L’Europe sera chrétienne ou ne sera pas. Le grand philosophe Vladimir Soloviev, ami de Dostoïevski, pensait que la dimension religieuse commandait la résolution politique des différends avec l’Occident ; il préconisait la réconciliation de Rome et de Moscou. Rien ne pourra donc se faire sans l’union de l’Église catholique, Église orthodoxe d’Occident, et de l’Église orthodoxe, Église catholique d’Orient. L’Europe ne peut respirer pleinement qu’avec ses deux poumons.

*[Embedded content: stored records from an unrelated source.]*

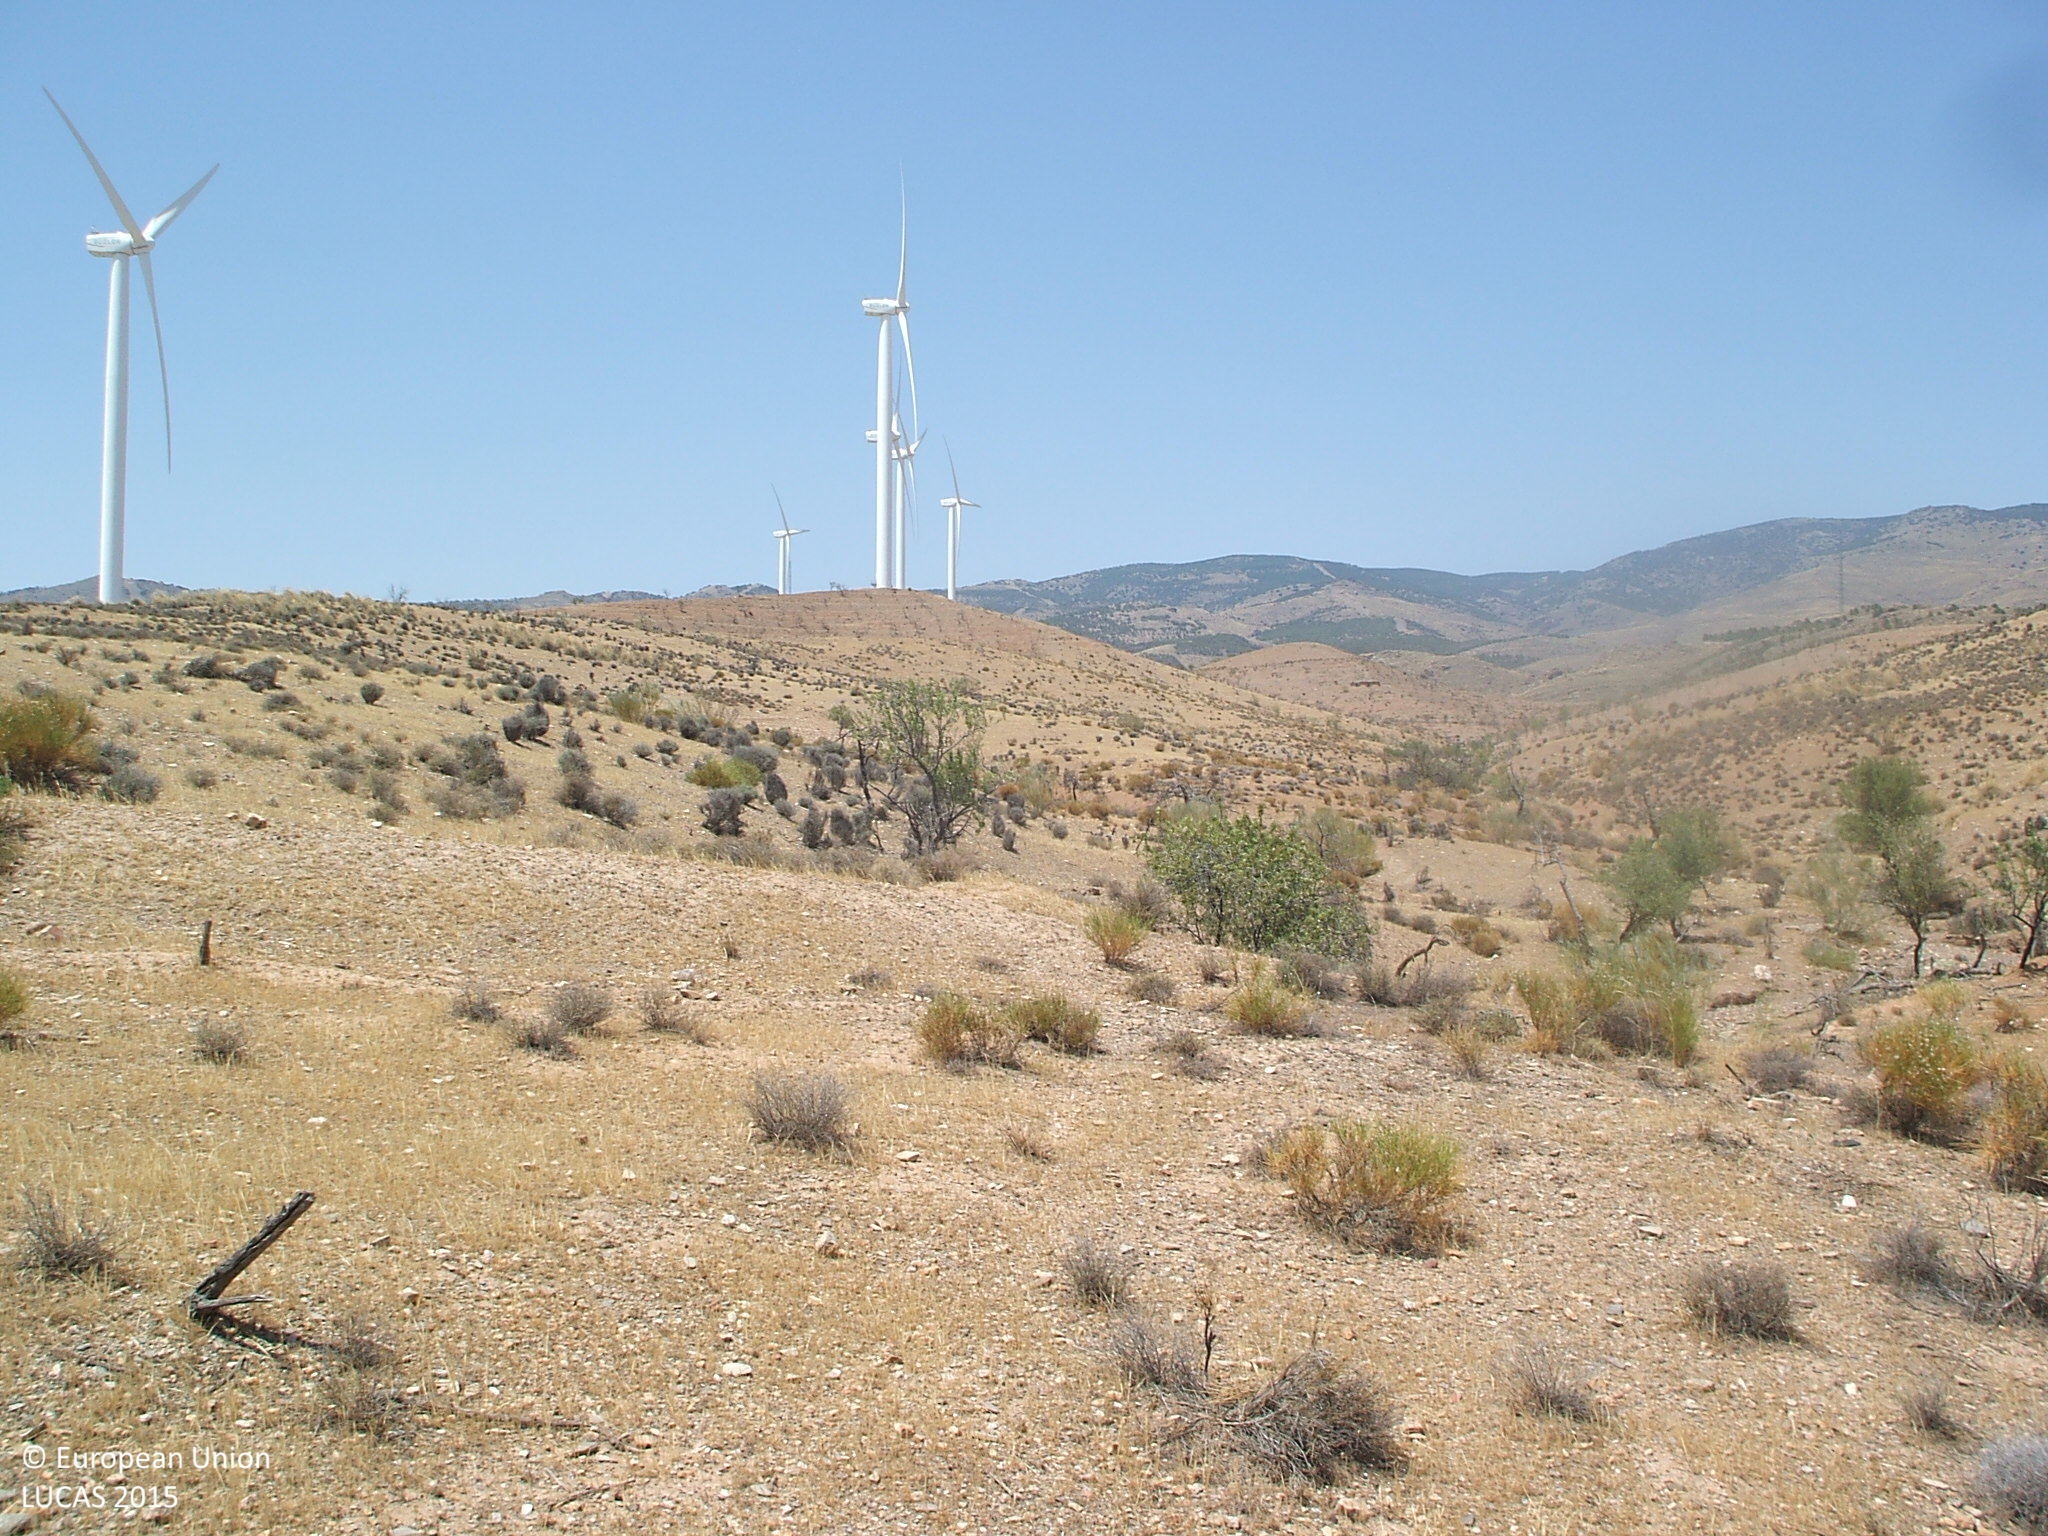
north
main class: Shrubland
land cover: Shrubland without tree cover
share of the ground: 10 - 25 %
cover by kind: herbaceous plants 40 %, consolidated bare surface 40 %, shrubs 20 %
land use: Semi-natural and natural areas not in use
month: June
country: ES
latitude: 37.1737
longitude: -2.7881

Séparées depuis le 16 juillet 1054 pour des questions d’uniformisation de rites et en raison du sac de Constantinople par les croisés en 1204, les deux Églises ont entrepris depuis un demi-siècle de se rapprocher ; il convient maintenant de dépasser le schisme des « Églises sœurs ». C’est ce que ne cessait de répéter le pape Jean Paul II, tout comme Benoît XVI qui avait fait de la réconciliation avec les orthodoxes une des priorités de son pontificat.

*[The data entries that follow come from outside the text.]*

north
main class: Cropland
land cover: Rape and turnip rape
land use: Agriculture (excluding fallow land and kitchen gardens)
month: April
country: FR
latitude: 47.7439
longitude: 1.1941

Le 7 décembre 1965, les anathèmes réciproques avaient été déjà levés par Paul VI et le patriarche Athénagoras 1er. En 2006, concluant une journée avec des représentants protestants et orthodoxes dans la cathédrale de Ratisbonne, Benoît XVI leur avait demandé de constituer un front commun pour la défense des valeurs morales chrétiennes en Europe, « d’être les témoins d’un mode de vie » dans un monde plein de confusion. Le rapprochement entre catholiques et orthodoxes était d’autant mieux entamé qu’un premier document conjoint, publié à Rome en 2007, reconnaissait formellement la primauté du pape.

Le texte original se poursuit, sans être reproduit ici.